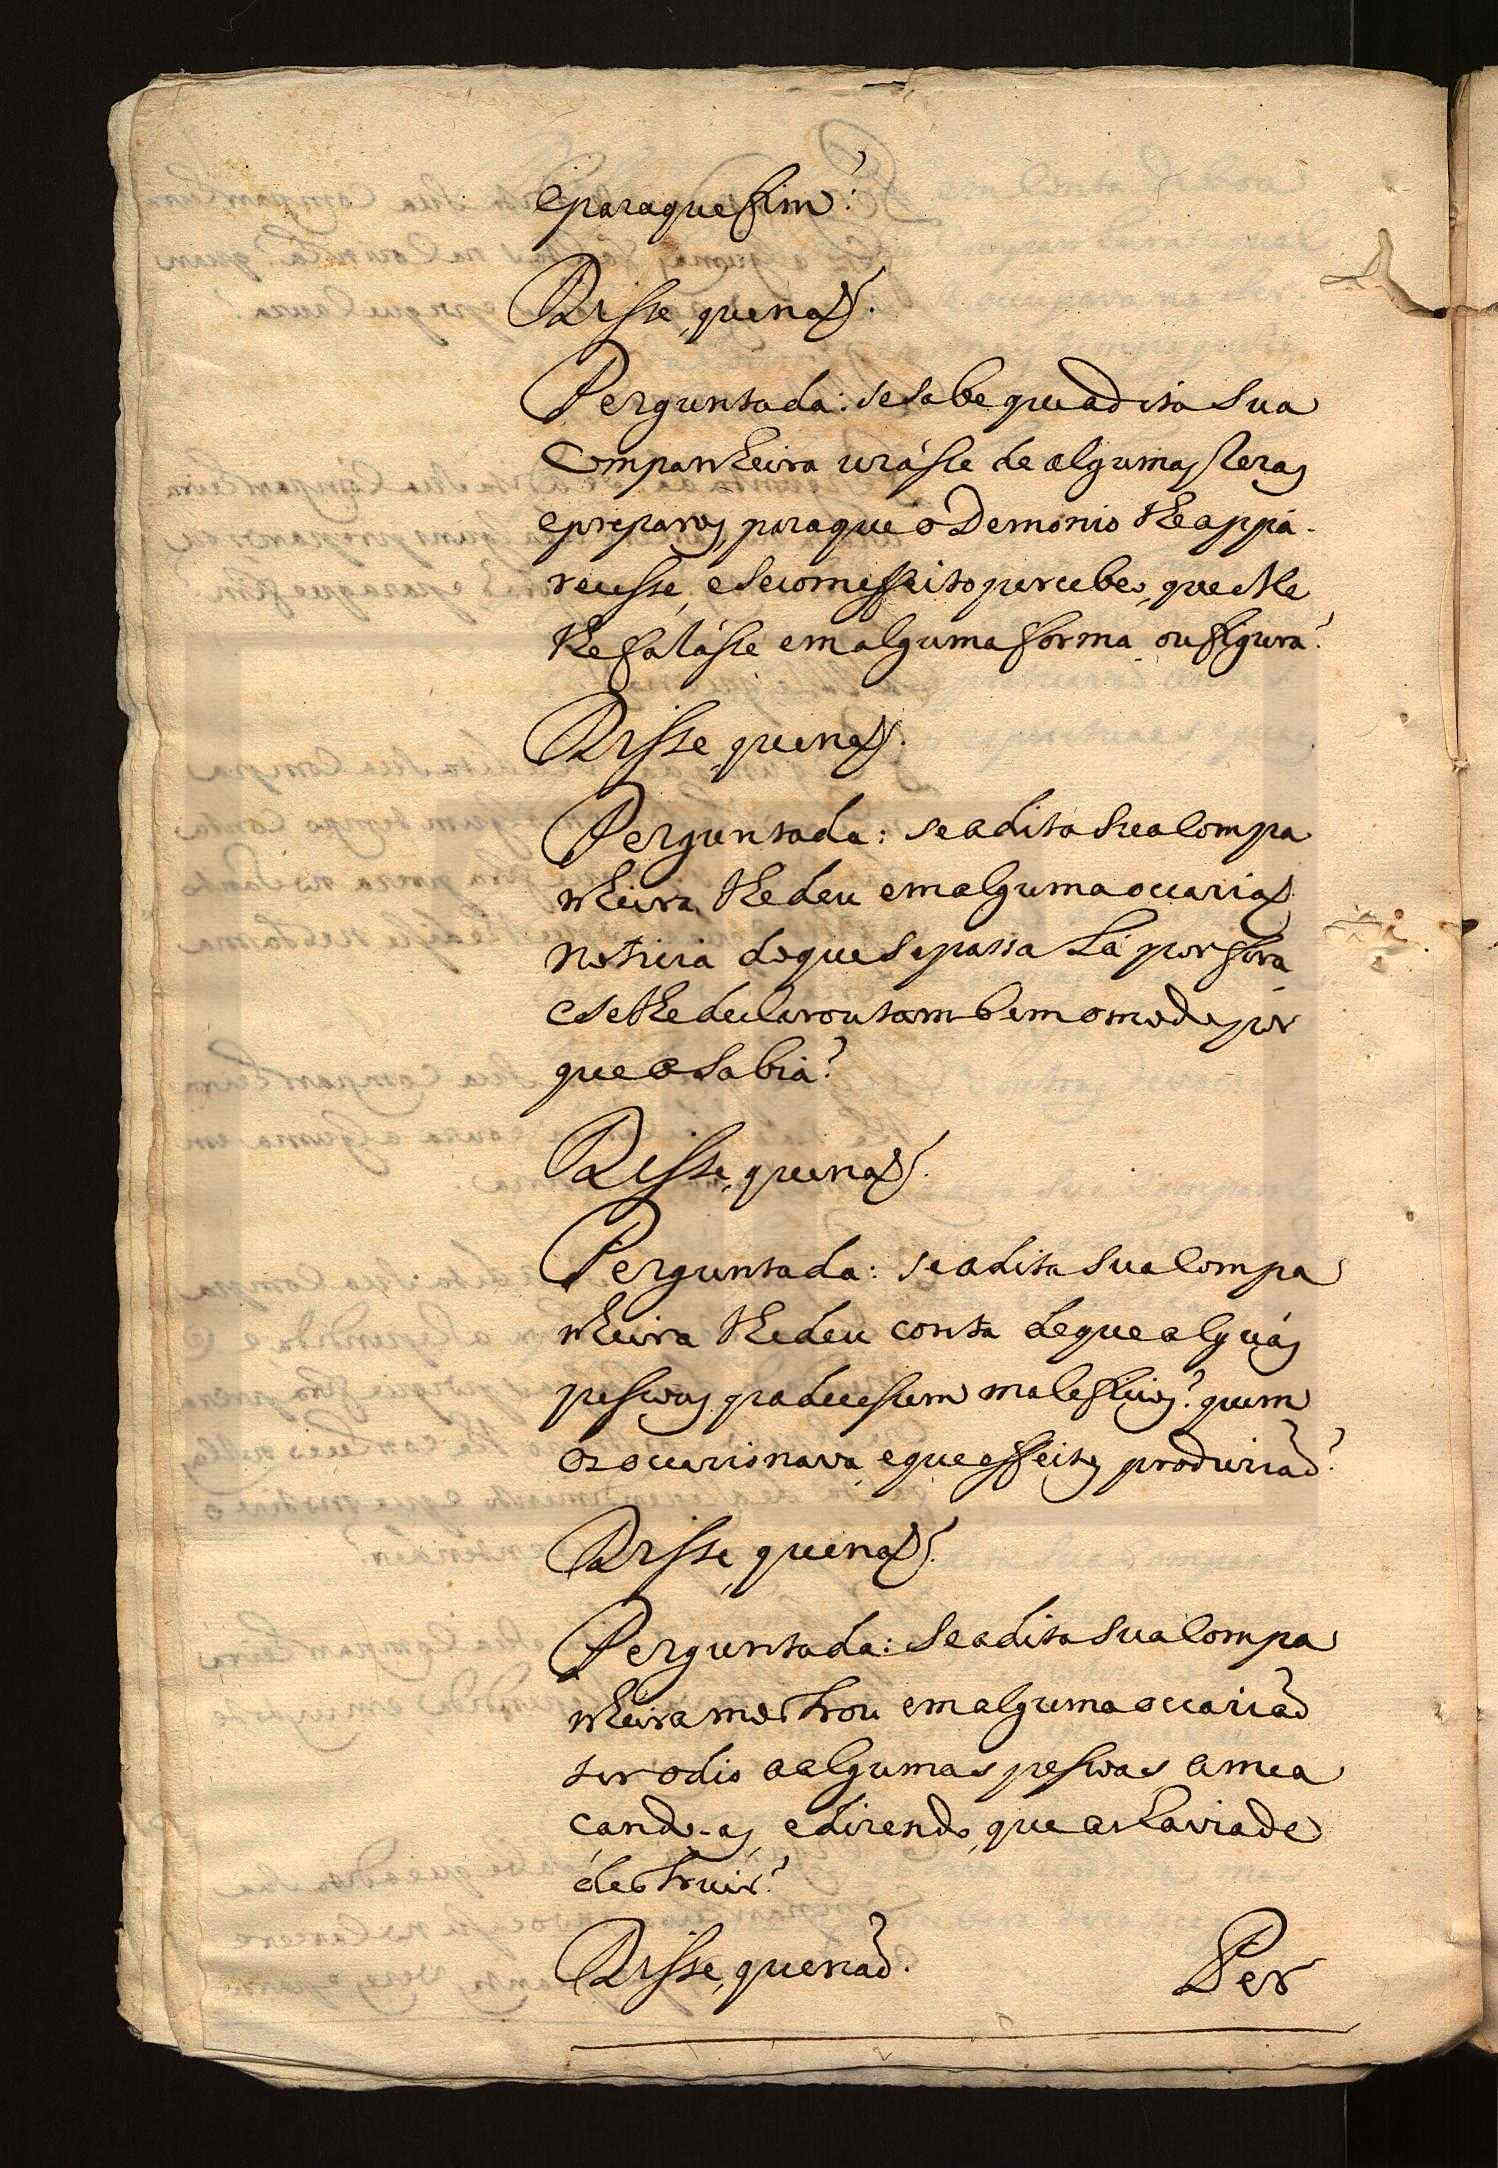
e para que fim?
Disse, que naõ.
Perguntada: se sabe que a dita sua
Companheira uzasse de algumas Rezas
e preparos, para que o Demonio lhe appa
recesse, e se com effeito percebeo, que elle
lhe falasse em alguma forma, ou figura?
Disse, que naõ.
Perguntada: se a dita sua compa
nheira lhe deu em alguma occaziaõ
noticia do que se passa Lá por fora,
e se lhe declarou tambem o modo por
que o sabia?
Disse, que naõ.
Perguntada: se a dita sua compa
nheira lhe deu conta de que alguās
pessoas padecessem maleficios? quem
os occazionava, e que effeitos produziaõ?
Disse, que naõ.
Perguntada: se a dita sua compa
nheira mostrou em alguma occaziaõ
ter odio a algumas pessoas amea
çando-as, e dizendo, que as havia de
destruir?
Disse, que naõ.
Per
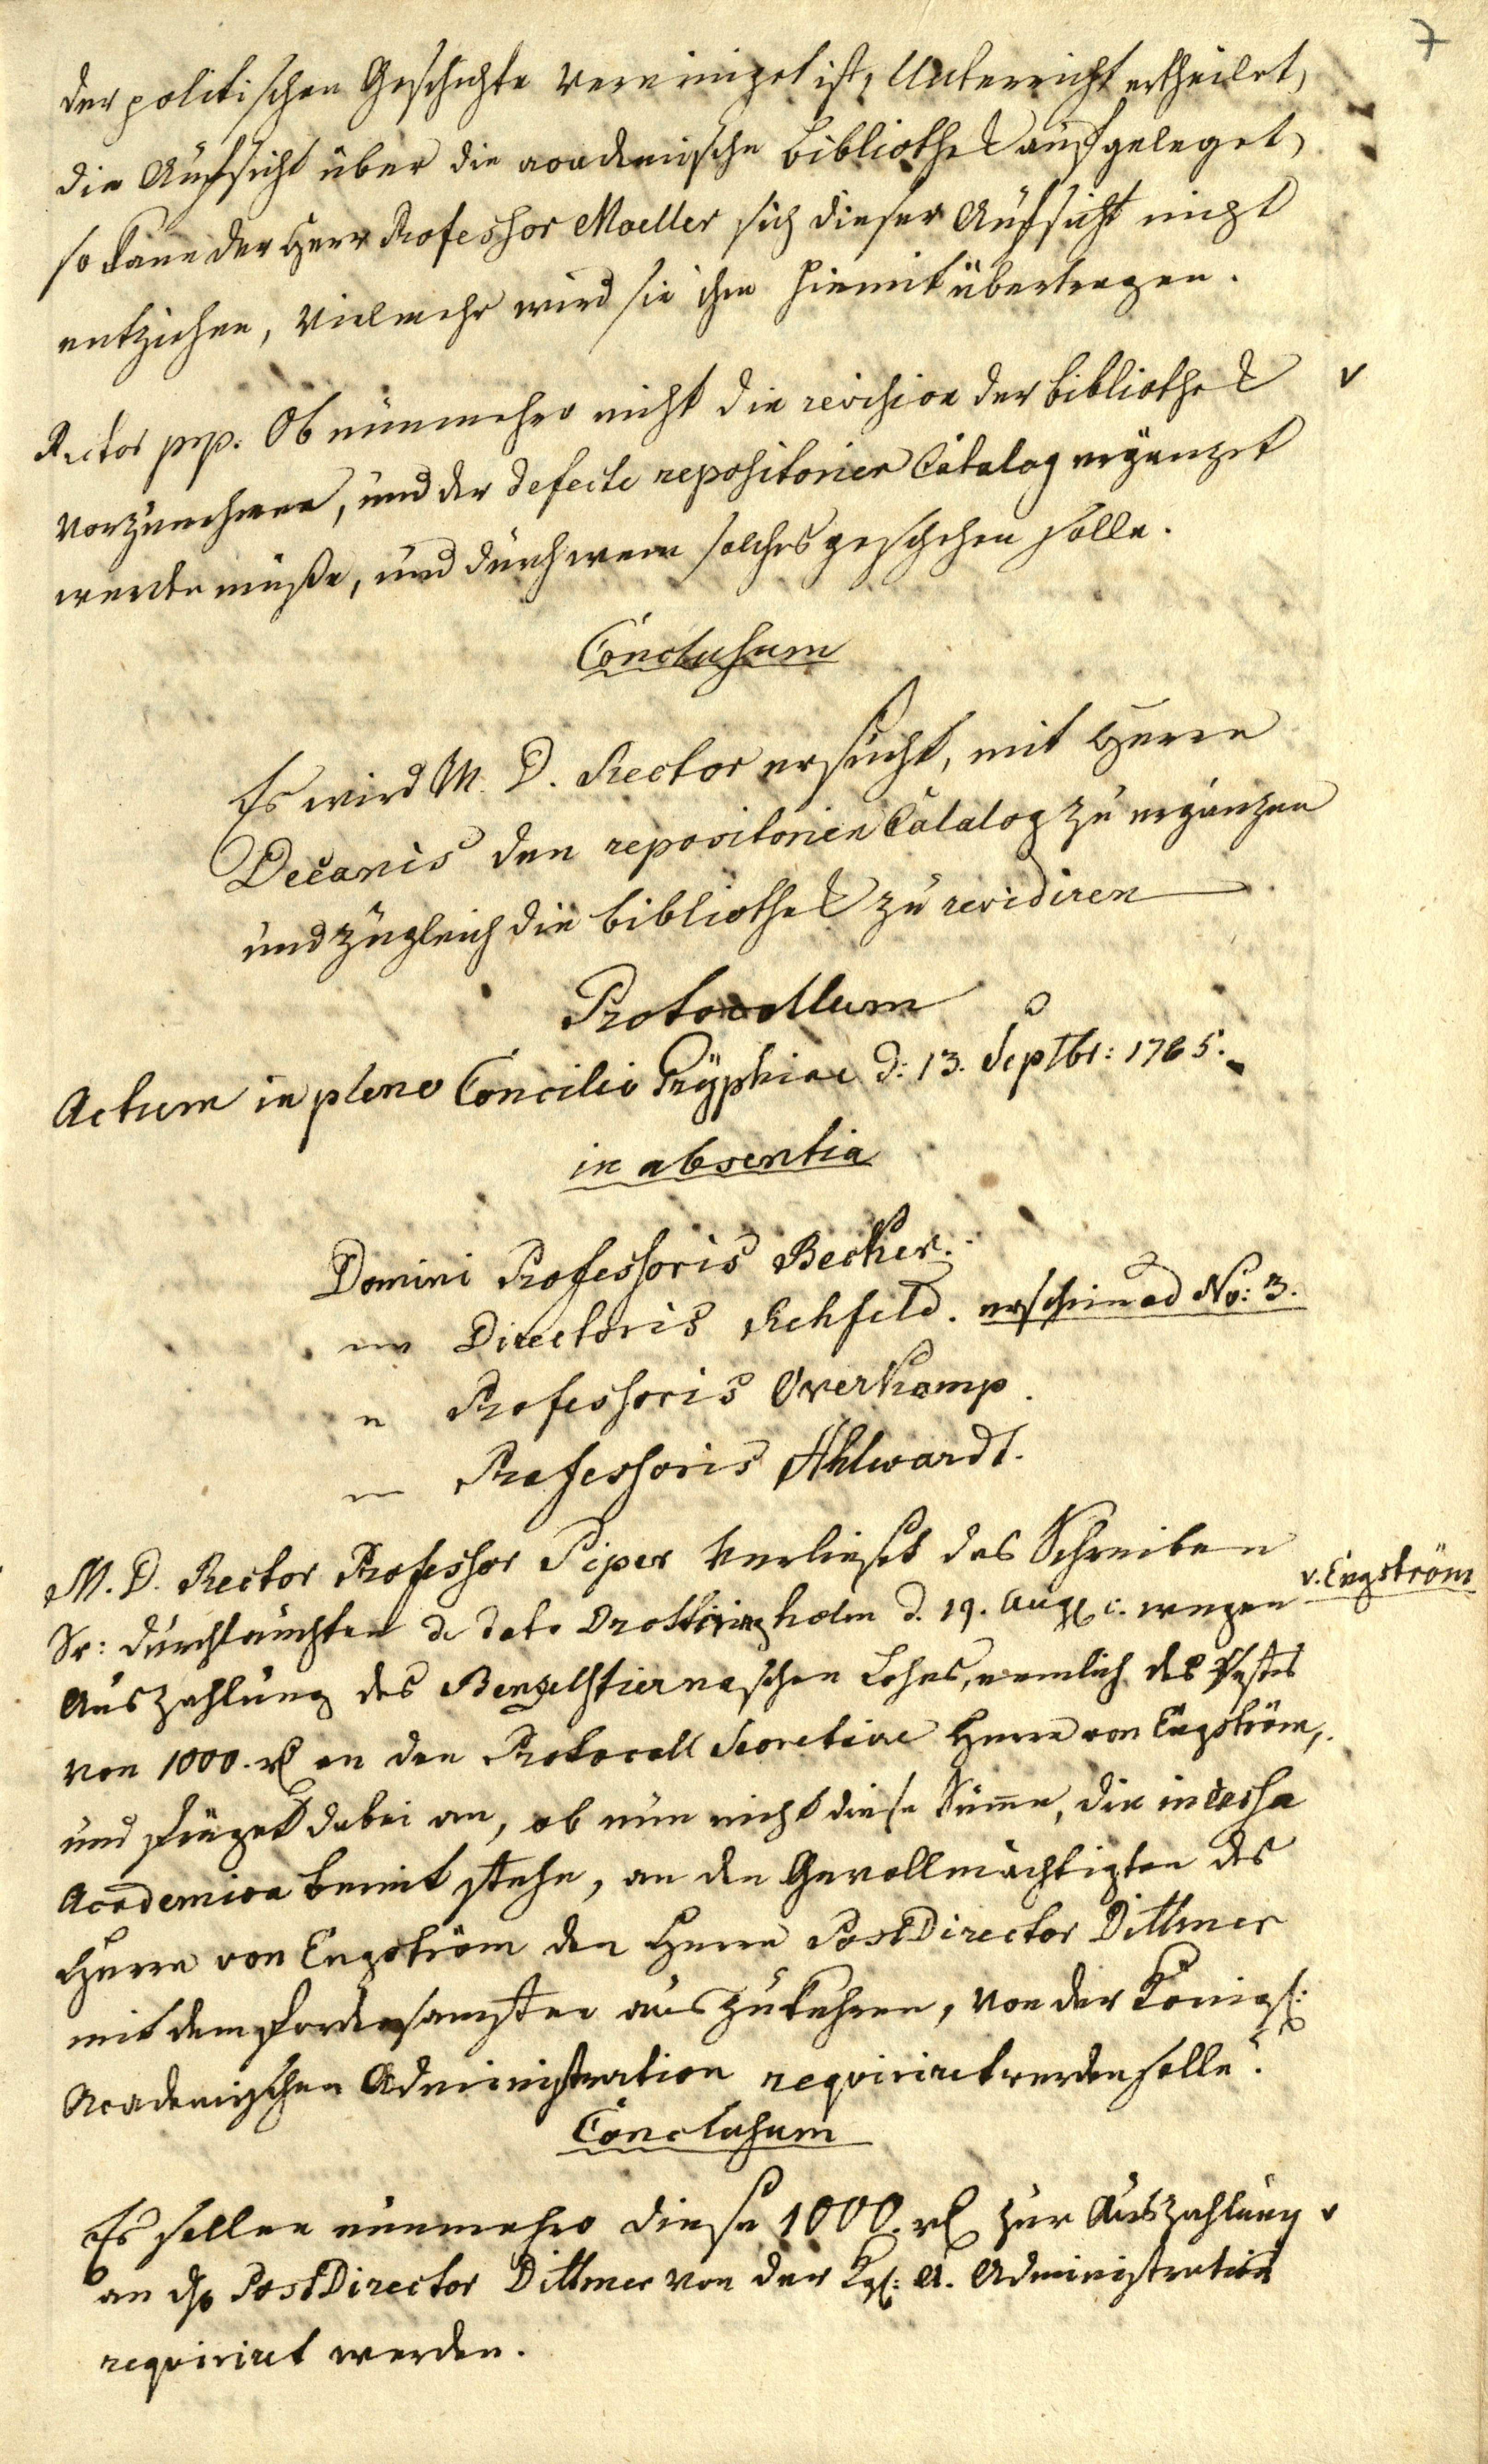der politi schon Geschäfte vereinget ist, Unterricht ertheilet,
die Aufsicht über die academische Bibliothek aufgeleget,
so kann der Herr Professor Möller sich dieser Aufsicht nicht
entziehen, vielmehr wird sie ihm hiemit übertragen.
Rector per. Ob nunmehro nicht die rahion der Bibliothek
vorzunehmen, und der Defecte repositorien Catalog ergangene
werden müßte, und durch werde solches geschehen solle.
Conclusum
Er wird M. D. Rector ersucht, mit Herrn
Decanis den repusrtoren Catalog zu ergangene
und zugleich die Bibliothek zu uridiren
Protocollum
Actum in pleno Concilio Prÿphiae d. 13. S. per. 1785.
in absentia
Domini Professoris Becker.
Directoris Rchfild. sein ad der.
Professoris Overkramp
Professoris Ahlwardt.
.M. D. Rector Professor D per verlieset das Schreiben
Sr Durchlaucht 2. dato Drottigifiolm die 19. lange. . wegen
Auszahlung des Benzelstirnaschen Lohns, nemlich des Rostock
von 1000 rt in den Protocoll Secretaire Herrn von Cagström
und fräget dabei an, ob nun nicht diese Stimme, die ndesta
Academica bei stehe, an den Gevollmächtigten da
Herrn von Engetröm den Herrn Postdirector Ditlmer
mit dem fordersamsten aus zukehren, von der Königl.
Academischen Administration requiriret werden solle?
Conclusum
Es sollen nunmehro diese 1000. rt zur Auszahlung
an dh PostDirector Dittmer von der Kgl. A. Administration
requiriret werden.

:::::

YOUR OBJECTIVE :: What lines in the records above include the string "Professoris"? Copy each one.

RESULT ::
Domini Professoris Becker.
Professoris Overkramp
Professoris Ahlwardt.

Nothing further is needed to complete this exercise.